Habe Win 7 / Win XP ...wenn ich den Pad anstecke über USB wird er automatisch installiert und kann verwedet werden, so steht es zumindest da.
Im Gerätemanager ist er auch vorhanden aber wenn ich ihn jetzt kalibrieren möchte funktioniert keine einzigste Taste  
Irgendwie bekommt der Pad es nicht auf die reihe die tastenfunktionen beim betätigen an den rechner zu senden ?!?! 
Ich habe schon viel erlebt aber das ist auch mir neu 

Hat einer einen Rat?

lg


----------



## Herbboy (4. Februar 2011)

Meinst Du jetzt nur in der windows-Konfig, oder geht es auch in Spielen nicht? 

Und ist das Gamepad denn überhaupt an? Wireless muss man ja auch einschalten, sonst würden die ja dauernd Strom ziehen   Vlt. muss man auch erst ne Taste zum Anmelden an dem USB-Empfänger drücken?


----------



## ibex (4. Februar 2011)

Erkannt wird das Gamepad überall ... unter windows in spielen usw...aber Tastenbelegung funktioniert dann halt nicht egal ob in windows oder in spielen!

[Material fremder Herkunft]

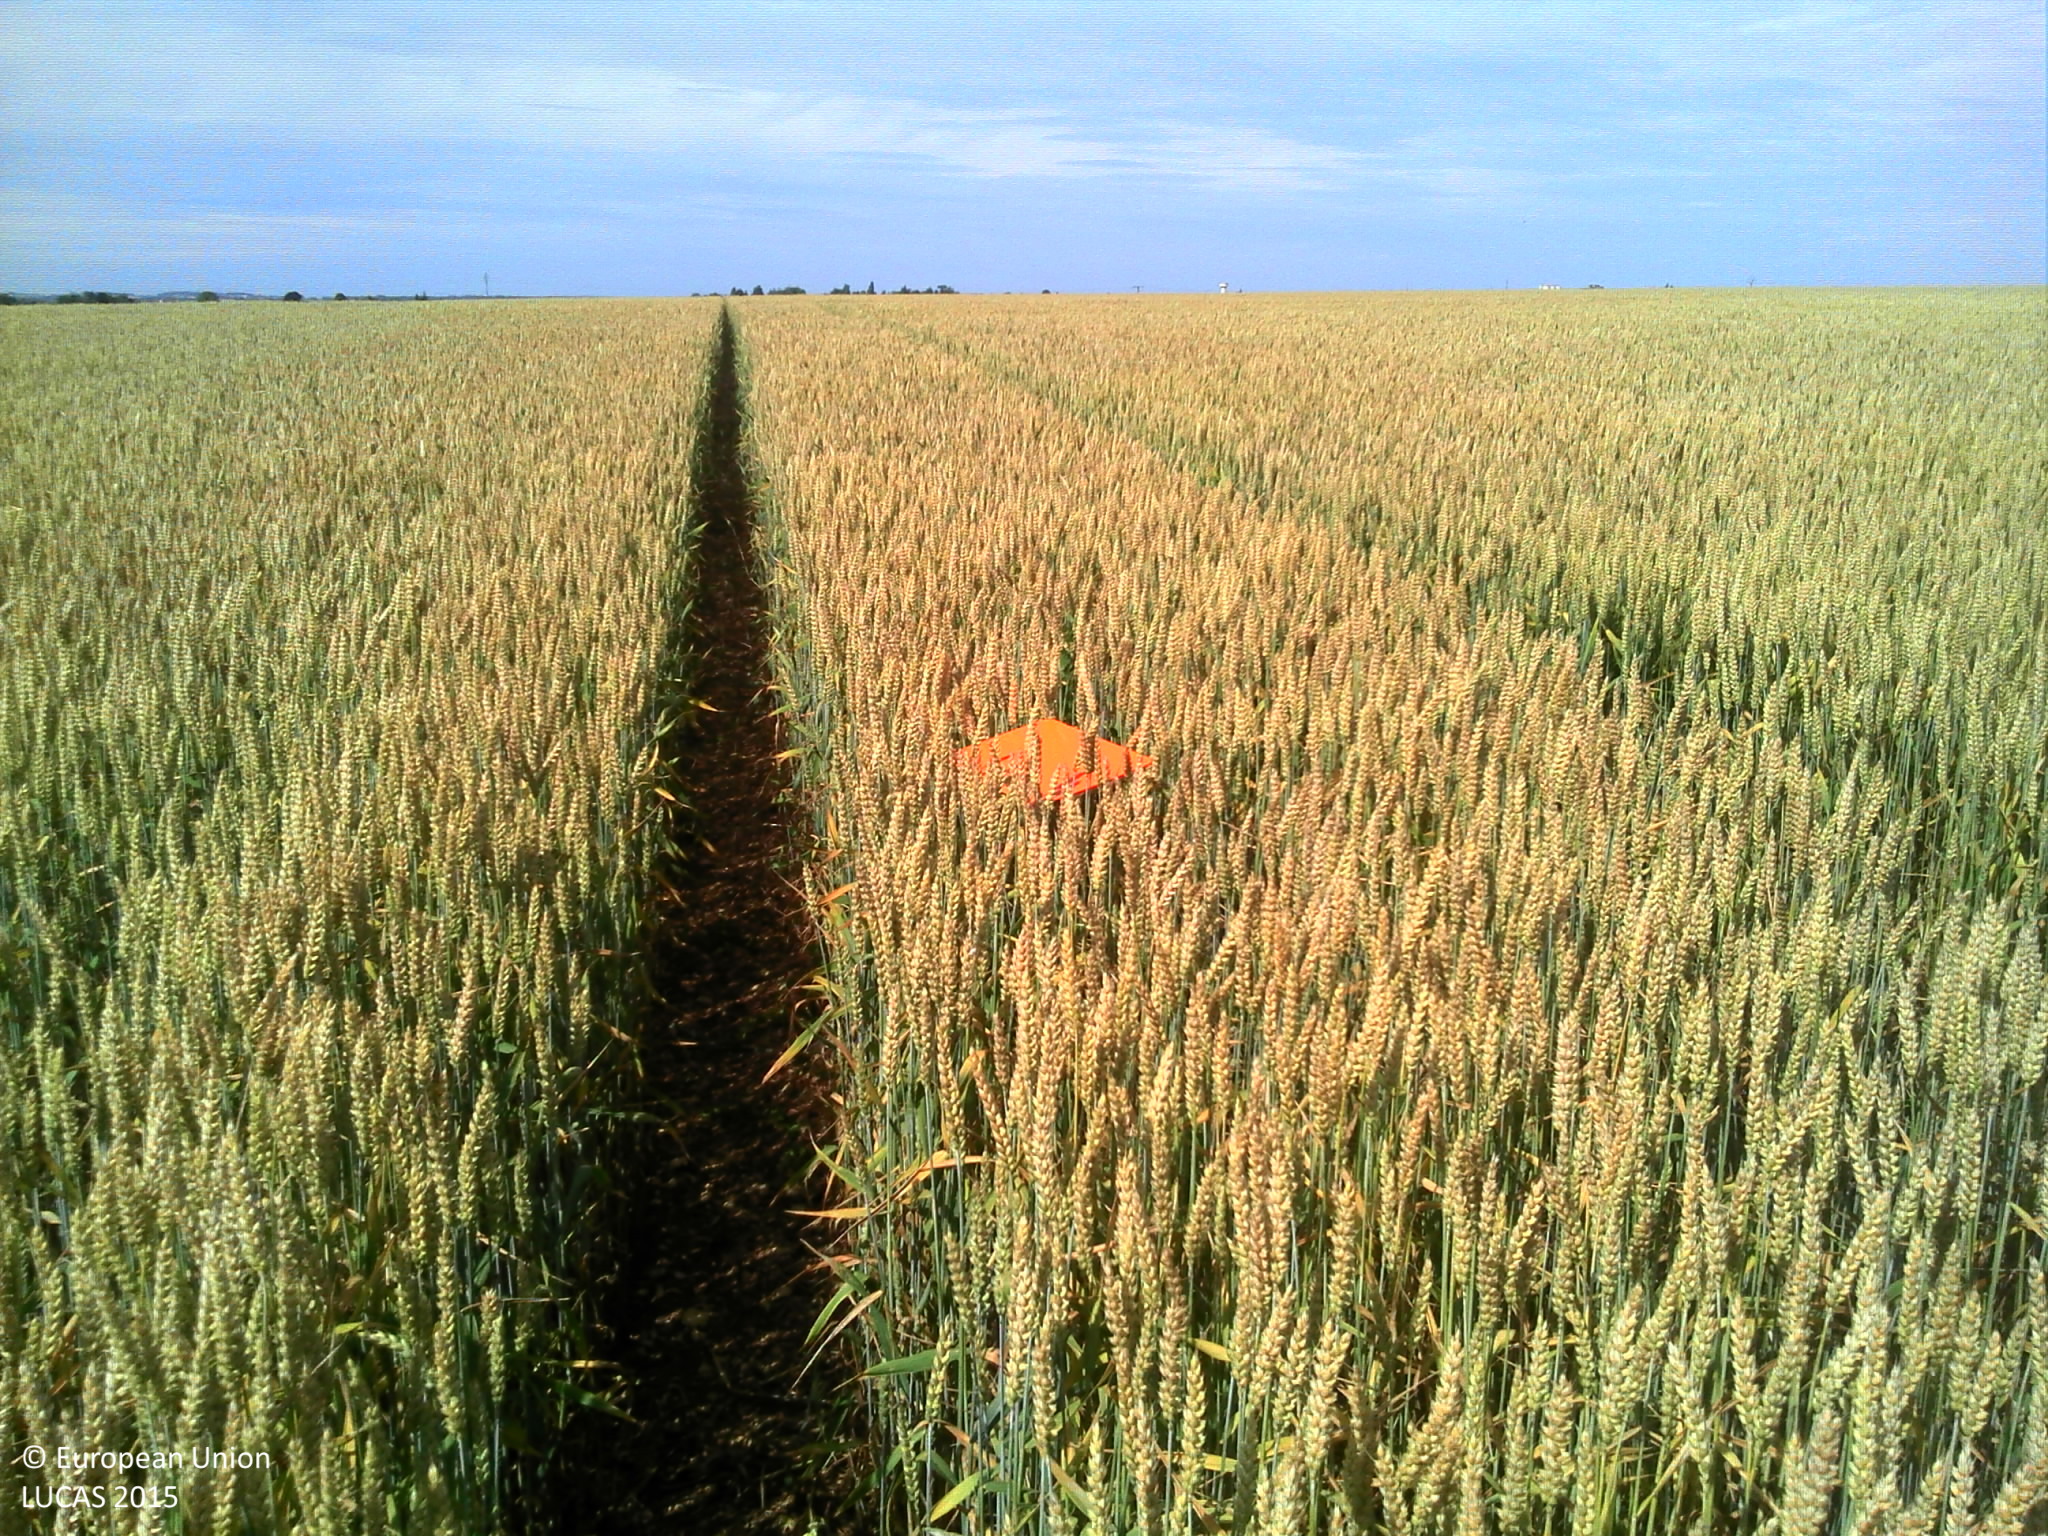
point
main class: Cropland
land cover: Common wheat
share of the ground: > 75 %
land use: Agriculture (excluding fallow land and kitchen gardens)
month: June
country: FR
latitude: 46.6634
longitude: 0.2166
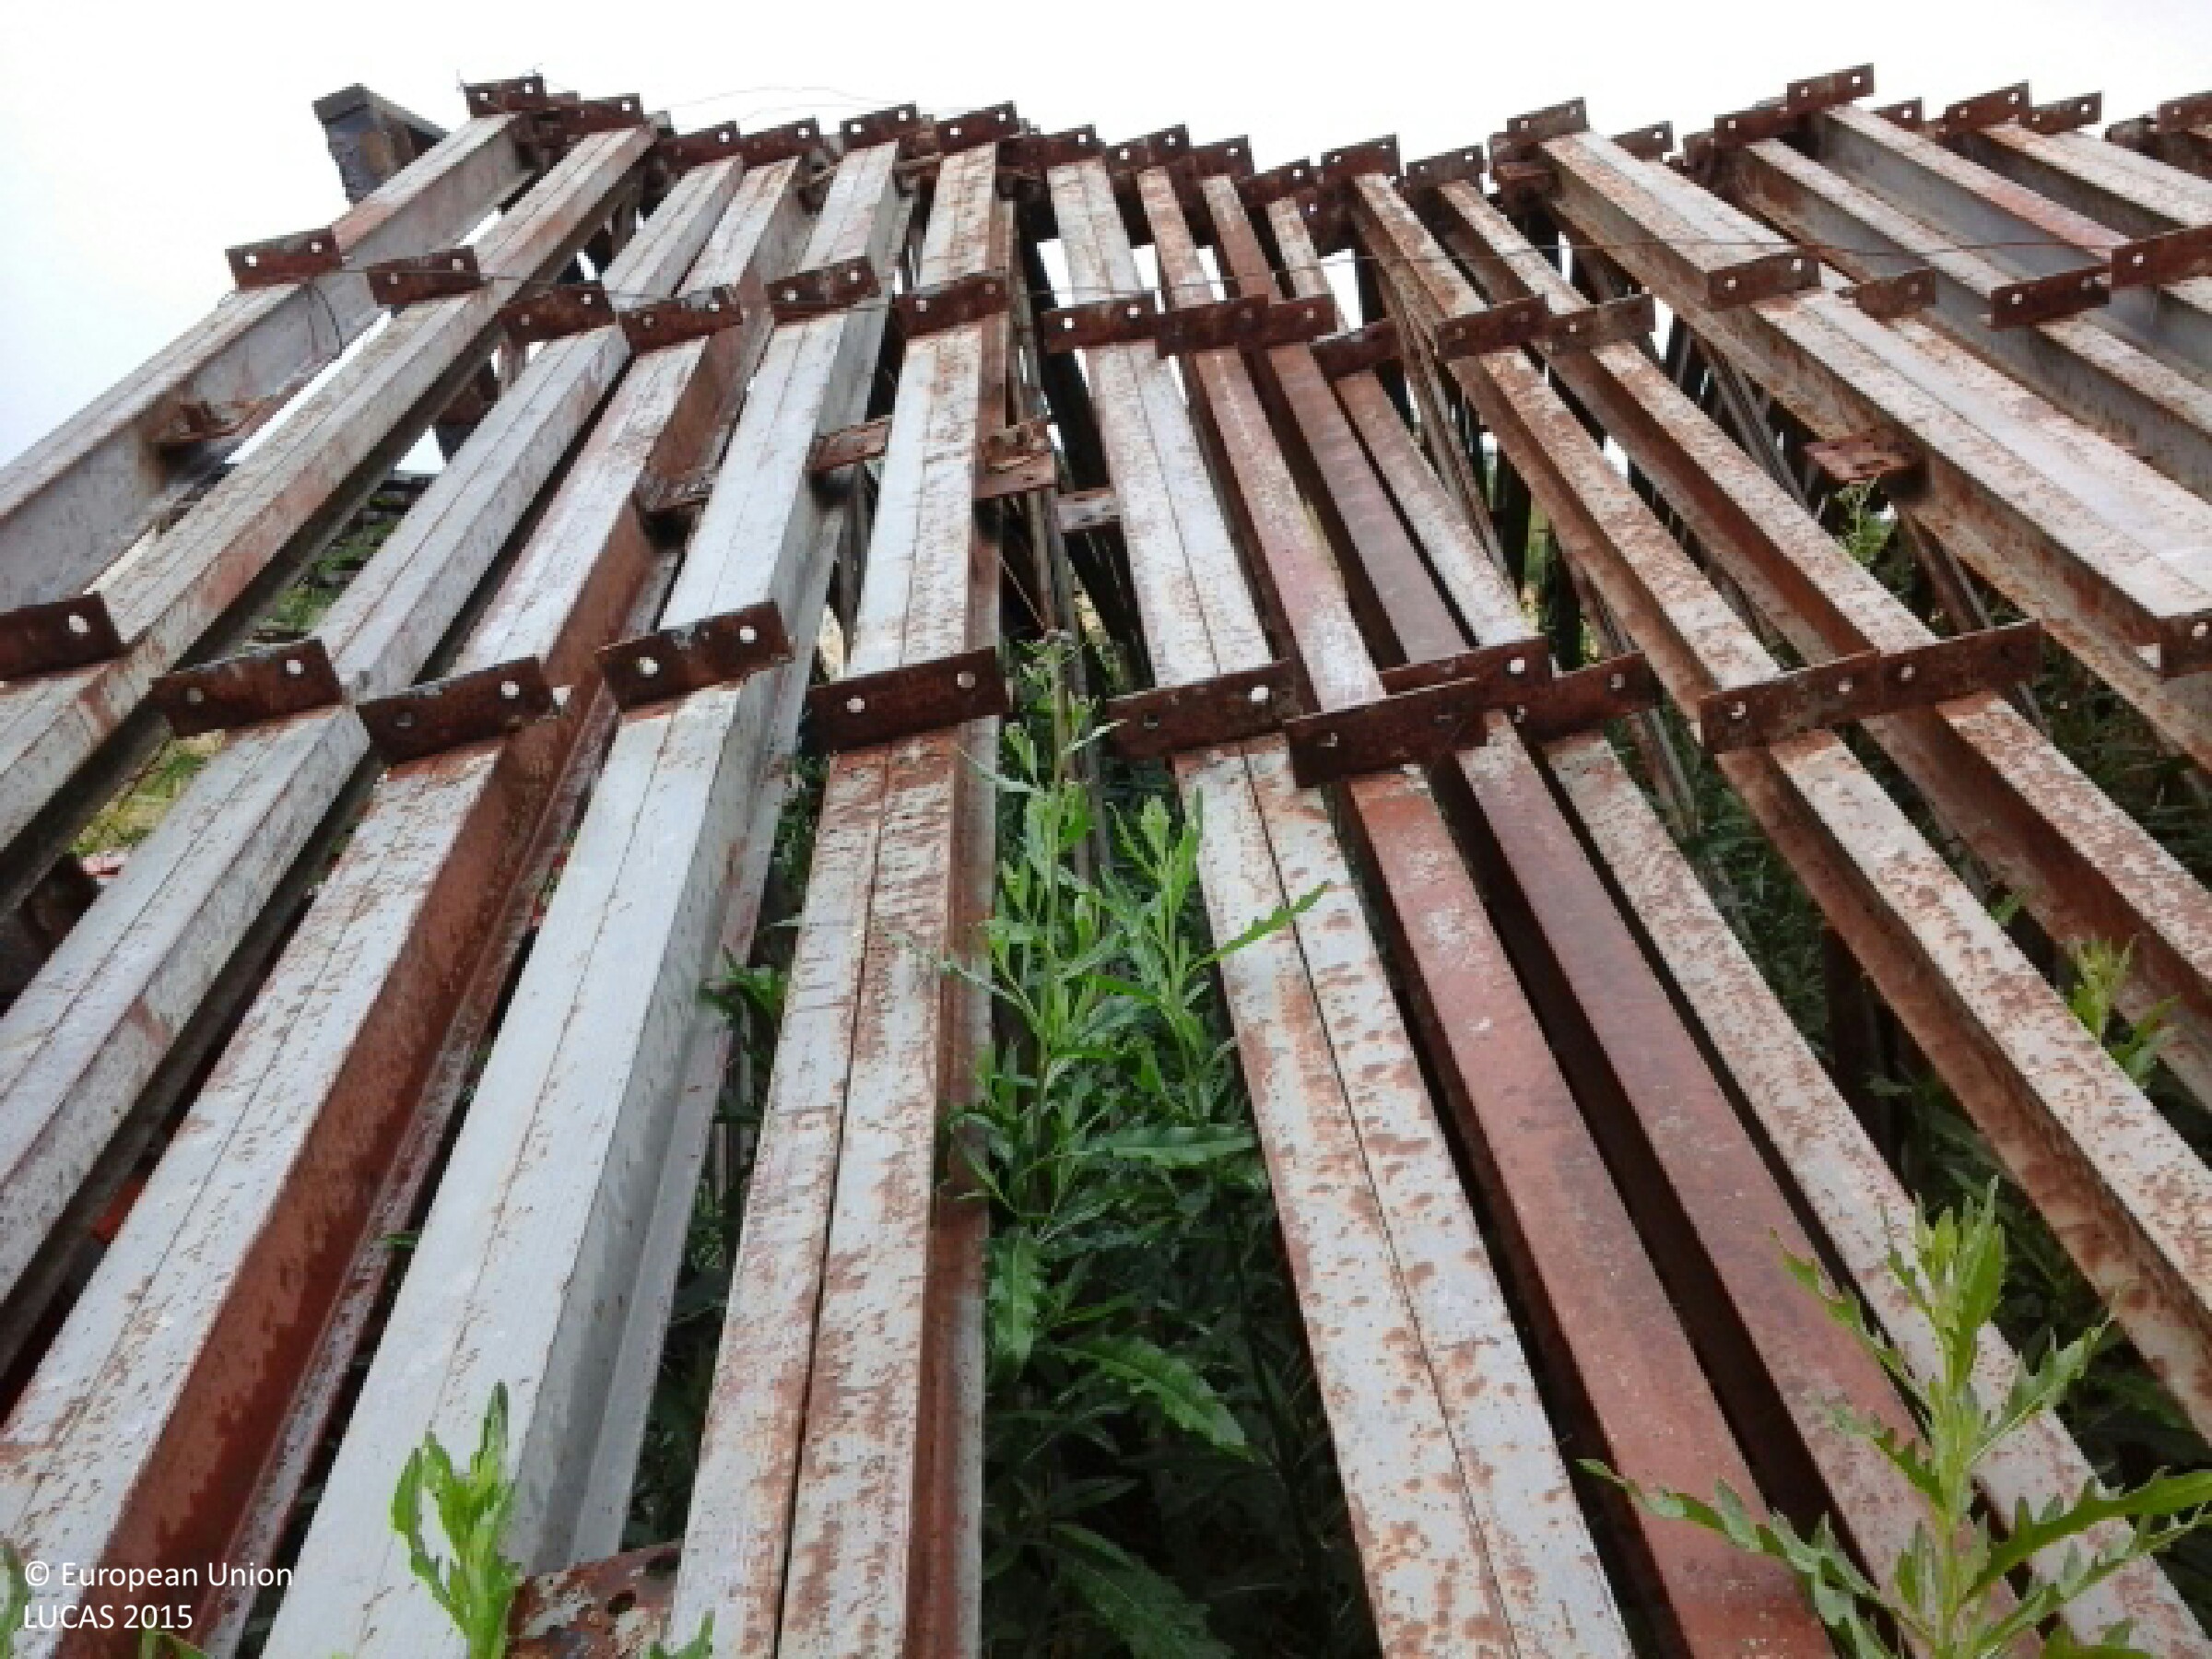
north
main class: Grassland
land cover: Spontaneously vegetated surfaces
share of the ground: > 75 %
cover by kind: herbaceous plants 90 %, unconsolidated bare surface 10 %
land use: Abandoned areas
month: June
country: HU
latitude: 47.9753
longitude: 21.7432

AN ist das pad auch hab echt schon alles probiert, voll geladen ist es auch! Hab langsam das gefühl als wenn es garnicht für den PC bestimmt ist obwohl auf der packung PS3/PC stand 

lg


----------



## Herbboy (4. Februar 2011)

Vlt. schau mal, ob es eine Taste zum Umschalten gibt. Ich hab auch ein gamepad, das man zwischen PC und PS-Modus umstellen kann.


Und nochmal die Frage: wenn Du ein Spiel startest: kannst Du dann nichts steuern? Das mit dem "wird erkannt" könnte nämlich nur den USB-Empfänger betreffen, vielleicht meldet der sich selber schon als "gamepad" an, obwohl er ja nur der Empfänger ist.

Und geht das Gamepad denn, wenn Du es per USB-kabel anschließt?


----------